上の写真は今回出品する個体を角度を変えてコーティング層の光彩の違いが分かるよう撮影しました。「後期型」と同じように「パープルアンバー」に光彩を放つ角度があると同時に「濃いグリーン色の光彩」も放ちますから、これがまさに「前期型」の「証」ですね。また見る角度を変えると先の写真のような「明るいグリーン色」にも色を変えます。
製造番号で捉えれば「僅か30%未満」しか市場流通していない「前期型」とも言え、ある意味希少性が高い個体とも言えます。さらに今回出品する個体は「それでいてカビ除去痕/コーティング層経年劣化が少ない」と言う、OLYMPUS製オールドレンズの中ではありがたい価値が伴います。
無限遠位置 (当初バラす前の位置に合致/僅かなオーバーインフ状態)、光軸 (偏心含む) 確認や絞り羽根の開閉幅 (開口部/入射光量) と絞り環絞り値との整合性を簡易検査具で確認済です。
もちろん光学系の光路長調整もキッチリ行ったので (簡易検査具によるチェックなので0.1mm単位や10倍の精度ではありません)、以下実写のとおり大変鋭いピント面を確保できました。電子検査機械を使ったチェックを期待される方は、是非ともプロのカメラ店様や修理専門会社様が手掛けたオールドレンズを手に入れて下さい。当方の技術スキルは低いのでご期待には応えられません。

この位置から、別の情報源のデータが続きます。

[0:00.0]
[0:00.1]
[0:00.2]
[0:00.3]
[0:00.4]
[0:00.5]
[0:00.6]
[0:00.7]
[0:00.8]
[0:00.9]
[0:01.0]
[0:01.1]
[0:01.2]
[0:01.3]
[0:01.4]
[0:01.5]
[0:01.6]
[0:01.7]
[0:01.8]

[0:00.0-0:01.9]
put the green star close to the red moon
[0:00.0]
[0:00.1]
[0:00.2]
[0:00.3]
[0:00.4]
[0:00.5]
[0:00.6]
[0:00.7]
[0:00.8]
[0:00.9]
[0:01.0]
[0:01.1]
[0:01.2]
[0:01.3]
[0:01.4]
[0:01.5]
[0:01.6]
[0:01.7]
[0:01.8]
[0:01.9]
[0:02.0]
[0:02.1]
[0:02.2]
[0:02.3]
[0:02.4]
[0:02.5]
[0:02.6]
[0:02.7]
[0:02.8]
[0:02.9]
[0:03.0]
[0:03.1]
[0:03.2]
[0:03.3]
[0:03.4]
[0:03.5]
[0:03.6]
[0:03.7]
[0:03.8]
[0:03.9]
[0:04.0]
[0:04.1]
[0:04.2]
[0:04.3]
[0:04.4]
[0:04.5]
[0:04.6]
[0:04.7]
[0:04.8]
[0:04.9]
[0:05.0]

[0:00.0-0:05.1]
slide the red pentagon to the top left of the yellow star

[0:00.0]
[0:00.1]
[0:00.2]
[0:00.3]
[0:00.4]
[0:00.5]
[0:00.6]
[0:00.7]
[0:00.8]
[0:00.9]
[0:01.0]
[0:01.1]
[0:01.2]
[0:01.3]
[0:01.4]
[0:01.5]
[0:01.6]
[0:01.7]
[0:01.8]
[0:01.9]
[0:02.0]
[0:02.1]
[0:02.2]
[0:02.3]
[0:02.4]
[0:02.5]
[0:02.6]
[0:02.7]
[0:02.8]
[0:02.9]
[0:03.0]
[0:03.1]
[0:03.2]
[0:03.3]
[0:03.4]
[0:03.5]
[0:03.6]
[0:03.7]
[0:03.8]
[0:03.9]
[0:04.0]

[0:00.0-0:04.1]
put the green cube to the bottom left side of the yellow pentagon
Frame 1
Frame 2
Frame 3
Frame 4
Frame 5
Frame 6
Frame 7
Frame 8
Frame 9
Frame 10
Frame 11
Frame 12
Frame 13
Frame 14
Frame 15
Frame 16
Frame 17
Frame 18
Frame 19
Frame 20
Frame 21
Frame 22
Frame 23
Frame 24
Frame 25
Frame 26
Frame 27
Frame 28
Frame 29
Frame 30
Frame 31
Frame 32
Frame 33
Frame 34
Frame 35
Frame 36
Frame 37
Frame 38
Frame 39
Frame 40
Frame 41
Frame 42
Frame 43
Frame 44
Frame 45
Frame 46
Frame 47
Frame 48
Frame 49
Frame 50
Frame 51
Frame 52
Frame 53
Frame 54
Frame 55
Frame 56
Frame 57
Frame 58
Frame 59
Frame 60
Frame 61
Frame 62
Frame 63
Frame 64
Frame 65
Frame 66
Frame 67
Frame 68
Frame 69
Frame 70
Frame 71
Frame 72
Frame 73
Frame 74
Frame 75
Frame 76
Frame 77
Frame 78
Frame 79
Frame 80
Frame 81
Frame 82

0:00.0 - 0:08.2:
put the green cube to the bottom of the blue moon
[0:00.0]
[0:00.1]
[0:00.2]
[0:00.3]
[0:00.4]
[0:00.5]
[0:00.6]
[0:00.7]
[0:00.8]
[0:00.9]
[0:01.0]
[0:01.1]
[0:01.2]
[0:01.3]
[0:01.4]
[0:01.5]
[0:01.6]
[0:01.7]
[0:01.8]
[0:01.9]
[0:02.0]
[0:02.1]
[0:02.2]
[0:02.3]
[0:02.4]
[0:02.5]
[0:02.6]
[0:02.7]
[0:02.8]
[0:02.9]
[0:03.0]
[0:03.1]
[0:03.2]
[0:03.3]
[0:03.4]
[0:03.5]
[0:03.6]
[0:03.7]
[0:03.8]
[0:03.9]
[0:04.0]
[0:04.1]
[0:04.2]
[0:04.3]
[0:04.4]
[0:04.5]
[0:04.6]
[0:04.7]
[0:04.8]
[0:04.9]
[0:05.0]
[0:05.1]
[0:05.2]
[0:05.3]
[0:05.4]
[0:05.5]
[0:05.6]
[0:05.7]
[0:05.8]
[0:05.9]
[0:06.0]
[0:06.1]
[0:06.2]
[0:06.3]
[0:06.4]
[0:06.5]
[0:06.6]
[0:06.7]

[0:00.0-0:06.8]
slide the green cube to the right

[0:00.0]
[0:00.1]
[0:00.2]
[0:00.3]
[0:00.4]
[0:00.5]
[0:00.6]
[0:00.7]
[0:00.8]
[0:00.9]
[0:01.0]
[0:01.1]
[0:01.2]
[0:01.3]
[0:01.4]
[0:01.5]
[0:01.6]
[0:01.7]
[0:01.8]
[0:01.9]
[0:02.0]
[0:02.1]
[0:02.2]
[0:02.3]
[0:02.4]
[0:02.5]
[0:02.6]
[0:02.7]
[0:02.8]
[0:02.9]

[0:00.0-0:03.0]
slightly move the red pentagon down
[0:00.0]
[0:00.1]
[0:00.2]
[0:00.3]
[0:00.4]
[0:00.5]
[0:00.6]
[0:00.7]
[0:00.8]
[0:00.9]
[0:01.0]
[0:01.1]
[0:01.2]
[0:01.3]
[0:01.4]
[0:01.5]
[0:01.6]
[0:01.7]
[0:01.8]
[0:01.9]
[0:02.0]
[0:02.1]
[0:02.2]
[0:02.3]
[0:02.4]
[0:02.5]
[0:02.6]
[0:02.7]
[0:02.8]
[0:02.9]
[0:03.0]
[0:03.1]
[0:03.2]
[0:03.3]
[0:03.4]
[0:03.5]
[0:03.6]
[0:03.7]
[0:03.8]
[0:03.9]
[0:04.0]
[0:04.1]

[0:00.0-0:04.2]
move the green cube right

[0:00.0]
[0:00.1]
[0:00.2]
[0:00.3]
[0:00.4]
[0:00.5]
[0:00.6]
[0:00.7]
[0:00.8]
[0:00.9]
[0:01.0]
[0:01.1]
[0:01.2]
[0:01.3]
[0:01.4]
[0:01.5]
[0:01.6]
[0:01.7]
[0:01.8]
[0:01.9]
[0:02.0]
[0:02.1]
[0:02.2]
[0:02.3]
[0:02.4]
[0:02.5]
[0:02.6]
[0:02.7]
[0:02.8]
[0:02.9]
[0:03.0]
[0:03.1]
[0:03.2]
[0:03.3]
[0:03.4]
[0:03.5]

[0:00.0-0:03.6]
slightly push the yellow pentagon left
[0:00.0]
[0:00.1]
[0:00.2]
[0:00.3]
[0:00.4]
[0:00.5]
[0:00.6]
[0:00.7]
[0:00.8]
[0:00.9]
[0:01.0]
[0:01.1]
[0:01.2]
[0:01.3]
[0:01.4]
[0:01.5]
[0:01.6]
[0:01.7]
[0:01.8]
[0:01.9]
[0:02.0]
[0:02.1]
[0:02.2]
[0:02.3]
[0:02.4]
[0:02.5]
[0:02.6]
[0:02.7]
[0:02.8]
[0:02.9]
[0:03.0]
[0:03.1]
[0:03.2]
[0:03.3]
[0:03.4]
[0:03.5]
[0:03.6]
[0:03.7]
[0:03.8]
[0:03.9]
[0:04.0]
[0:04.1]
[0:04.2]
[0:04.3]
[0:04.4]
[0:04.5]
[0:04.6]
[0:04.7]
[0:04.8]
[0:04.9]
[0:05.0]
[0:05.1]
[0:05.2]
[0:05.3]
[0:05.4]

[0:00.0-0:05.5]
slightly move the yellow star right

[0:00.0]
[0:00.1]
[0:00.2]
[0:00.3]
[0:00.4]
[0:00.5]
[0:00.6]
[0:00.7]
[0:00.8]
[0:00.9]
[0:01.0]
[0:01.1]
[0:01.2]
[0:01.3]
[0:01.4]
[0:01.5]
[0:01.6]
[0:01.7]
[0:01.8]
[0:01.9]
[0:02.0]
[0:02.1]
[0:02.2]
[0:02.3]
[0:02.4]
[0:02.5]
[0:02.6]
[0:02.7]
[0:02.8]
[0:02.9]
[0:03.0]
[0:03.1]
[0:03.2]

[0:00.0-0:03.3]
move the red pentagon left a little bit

↑当レンズによる最短撮影距離30cm付近での開放実写です。ピントはミニカーの手前側ヘッドライトの本当に「球部分」にしかピントが合っていません (このミニカーはラジコンカーなのでヘッドライトが点灯します)。カメラボディ側オート・ホワイト・バランス設定はOFFです。
この実写はミニスタジオで撮影していますが上方と右側方向からライティングしています。その関係でフードを装着していない為に絞り値の設定によりハレ切りが不完全なまま撮影しています。一応手を翳していますがハレの影響から一部にコントラスト低下が出てしまうことがあります (簡易検査具による光学系検査を実施済で偏心まで含め光軸確認は適正/正常)。
↑最小絞り値「f16」での撮影です。極僅かに「回折現象」の影響が現れ始めていますが、相当なポテンシャルではないでしょうか。
◉ 回折現象
入射光は波動 (波長) なので光が直進する時に障害物 (ここでは絞り羽根) に遮られるとその背後に回り込む現象を指します。例えば、音が塀の向こう側に届くのも回折現象の影響です。
入射光が絞りユニットを通過する際、絞り羽根の背後 (裏面) に回り込んだ光が撮像素子まで届かなくなる為に解像度やコントラスト低下が発生し、眠い画質に堕ちてしまいます。この現象は、絞り径を小さくする(絞り値を大きくする)ほど顕著に表れる特性があります。